OUTCOME RELIABILITY IN NON-AMBULATORY BOYS/MEN WITH DUCHENNE MUSCULAR DYSTROPHY MUSCLE & NERVE Connolly, A. M., Malkus, E. C., Mendell, J. R., Flanigan, K. M., Miller, J. P., Schierbecker, J. R., Siener, C. A., Golumbek, P. T., Zaidman, C. M., McDonald, C. M., Johnson, L., Nicorici, A., Karachunski, P. I., Day, J. W., Kelecic, J. M., Lowes, L. P., Alfano, L. N., Darras, B. T., Kang, P. B., Quigley, J., Pasternak, A. E., Florence, J. M. 2015; 51 (4): 522-532

Abstract

Background: Therapeutic trials in Duchenne muscular dystrophy (DMD) often exclude non-ambulatory individuals. Here we establish optimal and reliable assessments in a multicenter trial. Methods: Non-ambulatory boys/men with DMD (n=91;16.7± 4.5 years) were assessed by trained clinical evaluators. Feasibility (percentage completing task) and reliability [intra-class correlation coefficients (ICCs) between AM and PM tests] were measured.

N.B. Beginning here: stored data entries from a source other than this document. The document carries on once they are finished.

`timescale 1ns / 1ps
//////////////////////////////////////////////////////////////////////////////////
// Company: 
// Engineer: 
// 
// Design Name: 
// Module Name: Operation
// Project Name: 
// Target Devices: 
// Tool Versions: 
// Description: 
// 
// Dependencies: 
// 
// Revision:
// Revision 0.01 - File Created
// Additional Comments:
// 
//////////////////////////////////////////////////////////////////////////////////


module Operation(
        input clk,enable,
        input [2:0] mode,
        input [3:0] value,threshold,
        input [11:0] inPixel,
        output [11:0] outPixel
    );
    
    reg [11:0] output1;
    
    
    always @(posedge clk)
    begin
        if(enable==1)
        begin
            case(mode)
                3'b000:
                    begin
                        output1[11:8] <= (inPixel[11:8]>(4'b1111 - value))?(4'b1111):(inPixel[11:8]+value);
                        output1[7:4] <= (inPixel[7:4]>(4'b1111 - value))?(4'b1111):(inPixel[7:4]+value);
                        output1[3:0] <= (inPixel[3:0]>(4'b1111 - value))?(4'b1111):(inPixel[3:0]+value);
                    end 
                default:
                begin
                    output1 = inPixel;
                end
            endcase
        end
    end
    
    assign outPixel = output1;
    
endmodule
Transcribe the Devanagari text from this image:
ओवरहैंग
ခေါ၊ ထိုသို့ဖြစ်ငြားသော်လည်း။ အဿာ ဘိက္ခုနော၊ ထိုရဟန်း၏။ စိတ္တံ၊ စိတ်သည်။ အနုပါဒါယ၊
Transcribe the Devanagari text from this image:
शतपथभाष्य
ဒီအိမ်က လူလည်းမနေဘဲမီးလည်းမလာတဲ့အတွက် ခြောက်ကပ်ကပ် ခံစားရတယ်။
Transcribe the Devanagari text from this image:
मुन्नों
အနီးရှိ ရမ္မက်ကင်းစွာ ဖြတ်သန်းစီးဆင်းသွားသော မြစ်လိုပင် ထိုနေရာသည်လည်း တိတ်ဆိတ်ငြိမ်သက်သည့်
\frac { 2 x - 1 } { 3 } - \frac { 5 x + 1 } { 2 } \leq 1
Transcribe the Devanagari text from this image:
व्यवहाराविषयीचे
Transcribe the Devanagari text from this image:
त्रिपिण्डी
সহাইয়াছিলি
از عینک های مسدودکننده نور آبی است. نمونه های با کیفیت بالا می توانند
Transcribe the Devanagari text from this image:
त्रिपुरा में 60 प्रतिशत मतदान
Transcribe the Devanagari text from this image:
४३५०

Results: Forced Vital Capacity (FVC, 100% of subjects) showed a mean 47.8 ± 22% predicted (ICC 0.98). Brooke upper extremity functional rating (Brooke) and Egen Klassifikation (EK) scales in 100% of subjects showed ICCs from 0.93-0.99. Manual muscle testing, range of motion, nine-hole peg, and Jebsen-Taylor Hand function testing (JHFT) had variable feasibility (99% to 70%) with ICC also ranging from 0.99 to 0.64. We found beneficial effects of different forms of corticosteroids for Brooke Scale, %predicted FVC, and hand and finger strength. Conclusion: Reliable assessment of non-ambulatory boys/men with DMD is possible. Clinical trials will have to consider corticosteroid use. © 2014 Wiley Periodicals, Inc.